К каждому столу была прикреплена деревянная табличка, на одной из которых черной краской было написано «Раб», а на другой, – шрифтом поменьше, – «Служ. Ижд». Полицай с важным видом мерил шагами расстояние между столами и покрикивал в рупор:

– Повторяю! Подходим с паспортами! У кого в графе «социальное происхождение» значится «рабочий», – идем к столу с табличкой «Раб». Служащие и иждивенцы ко второму.

– Папа, нам к первому столику.

Голос, знакомый голос. Я обернулся и, конечно же… это она! Маша Бланк. Самая красивая девочка в нашем классе! Нет, ну что я говорю? В школе! Или даже… во всех школах, вместе взятых! Высокий лоб и слегка удлиненный нос, казалось, составляли одну сплошную непрерывную линию, делая ее лицо похожим на изваянья греческих богинь с картинок из учебника истории. Расчесанные на пробор волнистые русые волосы, собранные сзади в клубок, как это обычно делают уже взрослые женщины, и всегда спокойный, скульптурно-замерший взгляд еще больше закрепляли это сходство.

А еще у нее был талант, каким не мог похвастаться никто. Даже из мальчишек. Она могла языком достать до кончика носа! Шевелить ушами и громко свистеть каждый дурак может, но языком коснуться собственного носа? Нет, для этого определенно нужен талант! На вопрос, как ей это удается, Маша «якобы скромно» себе воображала: «Думаю, этому способствует мой классический греческий профиль. Папа говорит, как у Персефоны». Не знаю, кто такая Персефона2, и в какой школе она учится, но Маша наверняка красивее.

– Здравствуй, Коля, – она улыбнулась мне своими летними веснушками, и ее лицо вновь стало живым и настоящим.

– Привет… а куда это вы едете? – выпалил я уже минут десять мучивший меня вопрос.

– Ты не читал объявления? Они два дня по городу расклеены. Всем евреям приказано зарегистрироваться в местных полицейских участках. Для распределения на работы. Некоторых в Германию везут. Уже машин десять на вокзал отправили.

– На вокзал? А ты? Ты тоже уедешь?

– Не знаю. Мы еще не прошли регистрацию. Но надеюсь, что нет, – Маша наклонилась к моему уху и, прикрыв ладошкой рот, тихонько добавила, – я заметила, на вокзал отправляют только тех, кто прошел регистрацию у второго столика. Служащих с семьями и иждивенцев. А рабочим велели собираться у старой тюрьмы. На Чудновской улице.

– Так, так, так, молодые люди. Простите, что невольно подслушал ваш разговор, и хоть я, конечно же, сделал это не нарочно, но тем не менее, хочу отдать должное вашей, Машенька, наблюдательности. Вы, также, как и я, довольно ловко подметили, что на вокзал отправляют только представителей интеллигенции.

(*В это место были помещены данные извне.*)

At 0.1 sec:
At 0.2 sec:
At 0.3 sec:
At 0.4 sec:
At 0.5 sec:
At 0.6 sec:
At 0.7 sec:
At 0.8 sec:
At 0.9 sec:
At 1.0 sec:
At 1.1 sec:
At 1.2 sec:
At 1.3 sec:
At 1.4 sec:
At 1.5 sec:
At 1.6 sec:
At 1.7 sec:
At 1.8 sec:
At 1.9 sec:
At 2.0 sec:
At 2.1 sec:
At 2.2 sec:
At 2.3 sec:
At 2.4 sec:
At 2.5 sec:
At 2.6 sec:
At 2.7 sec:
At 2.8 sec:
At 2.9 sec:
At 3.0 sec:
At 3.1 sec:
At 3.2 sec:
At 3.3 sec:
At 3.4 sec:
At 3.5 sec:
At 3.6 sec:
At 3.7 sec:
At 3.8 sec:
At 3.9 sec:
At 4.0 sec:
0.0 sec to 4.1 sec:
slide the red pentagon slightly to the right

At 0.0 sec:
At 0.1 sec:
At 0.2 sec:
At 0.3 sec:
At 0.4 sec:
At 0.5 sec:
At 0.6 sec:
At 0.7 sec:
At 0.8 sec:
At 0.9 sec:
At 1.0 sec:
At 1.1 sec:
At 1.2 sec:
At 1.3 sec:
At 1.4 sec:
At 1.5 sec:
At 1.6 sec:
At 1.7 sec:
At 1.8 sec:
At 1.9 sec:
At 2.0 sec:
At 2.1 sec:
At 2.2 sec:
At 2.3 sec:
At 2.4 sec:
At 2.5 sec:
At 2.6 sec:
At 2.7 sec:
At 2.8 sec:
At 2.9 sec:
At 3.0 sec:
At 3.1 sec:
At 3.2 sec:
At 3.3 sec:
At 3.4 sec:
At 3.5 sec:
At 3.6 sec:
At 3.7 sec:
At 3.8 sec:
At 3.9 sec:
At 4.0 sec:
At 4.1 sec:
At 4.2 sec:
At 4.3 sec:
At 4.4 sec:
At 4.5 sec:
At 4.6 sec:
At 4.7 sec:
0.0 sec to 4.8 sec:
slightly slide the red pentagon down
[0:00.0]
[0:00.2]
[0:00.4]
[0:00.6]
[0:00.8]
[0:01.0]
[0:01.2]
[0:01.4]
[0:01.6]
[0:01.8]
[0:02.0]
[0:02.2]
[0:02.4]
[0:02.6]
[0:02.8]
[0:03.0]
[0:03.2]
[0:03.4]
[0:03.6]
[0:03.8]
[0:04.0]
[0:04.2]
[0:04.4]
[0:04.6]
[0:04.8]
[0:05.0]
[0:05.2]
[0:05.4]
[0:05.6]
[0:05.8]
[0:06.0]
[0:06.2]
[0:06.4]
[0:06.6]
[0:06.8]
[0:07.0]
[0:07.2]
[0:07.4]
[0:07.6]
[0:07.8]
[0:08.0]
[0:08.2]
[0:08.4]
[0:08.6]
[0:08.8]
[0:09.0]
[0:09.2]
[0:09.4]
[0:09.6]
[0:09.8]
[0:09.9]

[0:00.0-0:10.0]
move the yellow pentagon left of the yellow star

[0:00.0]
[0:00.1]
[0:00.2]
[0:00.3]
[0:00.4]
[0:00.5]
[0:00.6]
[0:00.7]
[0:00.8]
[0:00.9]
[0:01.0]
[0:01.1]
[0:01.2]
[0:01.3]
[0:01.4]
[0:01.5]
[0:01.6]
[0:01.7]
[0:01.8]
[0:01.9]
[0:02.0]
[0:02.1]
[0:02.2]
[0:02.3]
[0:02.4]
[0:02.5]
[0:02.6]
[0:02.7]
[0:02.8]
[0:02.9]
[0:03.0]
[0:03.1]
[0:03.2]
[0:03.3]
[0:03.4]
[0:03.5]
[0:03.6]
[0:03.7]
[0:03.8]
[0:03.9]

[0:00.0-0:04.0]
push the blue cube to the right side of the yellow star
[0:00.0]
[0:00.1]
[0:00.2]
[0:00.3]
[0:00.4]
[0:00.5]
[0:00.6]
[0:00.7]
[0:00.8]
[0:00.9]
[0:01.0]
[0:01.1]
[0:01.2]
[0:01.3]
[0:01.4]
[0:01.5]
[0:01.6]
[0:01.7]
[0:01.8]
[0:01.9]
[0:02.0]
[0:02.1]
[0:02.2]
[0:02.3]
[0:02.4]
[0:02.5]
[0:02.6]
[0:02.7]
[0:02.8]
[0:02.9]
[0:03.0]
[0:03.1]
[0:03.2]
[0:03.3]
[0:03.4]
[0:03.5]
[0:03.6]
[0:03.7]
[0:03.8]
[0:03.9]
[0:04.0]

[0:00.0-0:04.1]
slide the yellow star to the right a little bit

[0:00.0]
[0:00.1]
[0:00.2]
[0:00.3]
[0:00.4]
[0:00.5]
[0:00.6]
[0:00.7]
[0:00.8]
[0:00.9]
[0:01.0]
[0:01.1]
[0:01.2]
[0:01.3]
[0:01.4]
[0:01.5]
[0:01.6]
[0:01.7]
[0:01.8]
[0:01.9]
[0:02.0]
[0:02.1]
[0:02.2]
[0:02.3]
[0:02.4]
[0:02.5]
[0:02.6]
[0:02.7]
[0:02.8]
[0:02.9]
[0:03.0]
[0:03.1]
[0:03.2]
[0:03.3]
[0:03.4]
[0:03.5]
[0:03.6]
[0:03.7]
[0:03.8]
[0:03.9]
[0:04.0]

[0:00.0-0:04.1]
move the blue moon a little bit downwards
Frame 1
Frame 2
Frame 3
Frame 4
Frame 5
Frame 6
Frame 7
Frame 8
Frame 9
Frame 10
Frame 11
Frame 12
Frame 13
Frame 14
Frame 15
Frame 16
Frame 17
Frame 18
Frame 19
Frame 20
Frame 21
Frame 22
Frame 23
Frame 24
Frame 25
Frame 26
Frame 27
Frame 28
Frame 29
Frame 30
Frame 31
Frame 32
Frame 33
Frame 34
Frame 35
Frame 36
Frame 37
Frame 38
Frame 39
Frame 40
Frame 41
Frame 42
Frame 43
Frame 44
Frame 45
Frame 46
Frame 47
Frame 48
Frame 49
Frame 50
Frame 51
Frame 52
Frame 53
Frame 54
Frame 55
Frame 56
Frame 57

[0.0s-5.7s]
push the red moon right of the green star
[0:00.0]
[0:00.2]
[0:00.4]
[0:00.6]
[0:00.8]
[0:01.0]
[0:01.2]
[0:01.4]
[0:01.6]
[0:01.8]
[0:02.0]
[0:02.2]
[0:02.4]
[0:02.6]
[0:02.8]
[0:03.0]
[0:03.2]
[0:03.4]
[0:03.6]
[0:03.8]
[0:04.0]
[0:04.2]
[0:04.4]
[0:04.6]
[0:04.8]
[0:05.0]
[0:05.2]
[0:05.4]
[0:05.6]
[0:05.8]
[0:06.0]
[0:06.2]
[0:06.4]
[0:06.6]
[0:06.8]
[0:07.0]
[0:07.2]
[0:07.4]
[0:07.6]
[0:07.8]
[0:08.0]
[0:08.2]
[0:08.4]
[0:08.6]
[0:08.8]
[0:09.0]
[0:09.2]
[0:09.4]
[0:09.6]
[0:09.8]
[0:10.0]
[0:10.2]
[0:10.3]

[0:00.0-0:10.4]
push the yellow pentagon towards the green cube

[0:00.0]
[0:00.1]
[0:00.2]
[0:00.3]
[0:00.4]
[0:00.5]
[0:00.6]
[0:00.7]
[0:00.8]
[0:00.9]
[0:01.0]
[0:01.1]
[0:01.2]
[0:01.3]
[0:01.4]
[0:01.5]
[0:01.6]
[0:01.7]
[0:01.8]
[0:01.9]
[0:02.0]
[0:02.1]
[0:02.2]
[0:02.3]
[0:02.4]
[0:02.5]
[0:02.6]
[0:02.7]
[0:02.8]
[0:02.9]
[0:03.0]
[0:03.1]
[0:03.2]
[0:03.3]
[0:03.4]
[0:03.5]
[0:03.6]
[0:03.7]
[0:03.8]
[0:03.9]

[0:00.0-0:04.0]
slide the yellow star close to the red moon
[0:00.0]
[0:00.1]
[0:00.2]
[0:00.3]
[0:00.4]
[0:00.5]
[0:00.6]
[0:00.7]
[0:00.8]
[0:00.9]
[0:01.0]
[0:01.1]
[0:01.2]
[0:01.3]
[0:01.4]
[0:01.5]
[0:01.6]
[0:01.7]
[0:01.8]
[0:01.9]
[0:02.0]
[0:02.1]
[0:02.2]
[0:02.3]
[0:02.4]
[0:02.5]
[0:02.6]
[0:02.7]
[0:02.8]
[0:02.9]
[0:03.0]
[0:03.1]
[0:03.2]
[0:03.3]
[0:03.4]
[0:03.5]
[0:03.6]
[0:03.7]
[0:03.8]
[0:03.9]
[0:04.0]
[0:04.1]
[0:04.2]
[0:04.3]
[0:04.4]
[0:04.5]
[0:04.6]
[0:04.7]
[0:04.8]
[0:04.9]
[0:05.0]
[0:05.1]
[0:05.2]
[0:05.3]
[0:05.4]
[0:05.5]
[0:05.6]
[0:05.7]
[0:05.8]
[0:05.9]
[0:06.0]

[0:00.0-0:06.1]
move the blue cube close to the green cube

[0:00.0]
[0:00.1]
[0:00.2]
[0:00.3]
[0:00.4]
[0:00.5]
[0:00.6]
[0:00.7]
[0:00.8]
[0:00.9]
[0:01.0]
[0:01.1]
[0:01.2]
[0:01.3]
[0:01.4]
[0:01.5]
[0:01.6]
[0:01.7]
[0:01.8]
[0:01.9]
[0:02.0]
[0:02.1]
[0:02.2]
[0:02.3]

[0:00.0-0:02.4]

Обернувшись, мы увидели нашего учителя истории и большого любителя шахмат Максимилиана Соломоновича. Он хитро подмигнул, будто демонстрируя, что все происходящее его ужасно забавляет, затем слегка приподнял шляпу, раскланялся по-старомодному и, заложив руки за спину, продолжил свой неспешный променад. Судя по его беззаботному виду, «променад» было самое подходящее слово.

– Машенька, очередь подходит. Простите, юноша. Нам нужно идти, – отец взял ее за руку, мать прощально улыбнулась, и они направились к столику регистрации с табличкой «Раб».

Миллионы мыслей взорвались в моей голове:

«В Германию! Они уезжают в Германию! Навсегда! И я больше никогда ее не увижу. А может все-таки оставят? Подождать и узнать? Обязательно важно подождать и узнать! А вдруг повезут? Проводить? Забраться тайком в машину, прибыть на вокзал и там проводить их на поезд? В последний раз помахать на прощание? А может даже… поцеловать? В щечку. Вдруг согласится? Ведь мы же расстаемся навсегда! Да! Я поступлю именно так! Но… ах, черт! Горчичники! Нужно отнести эти проклятые горчичники!».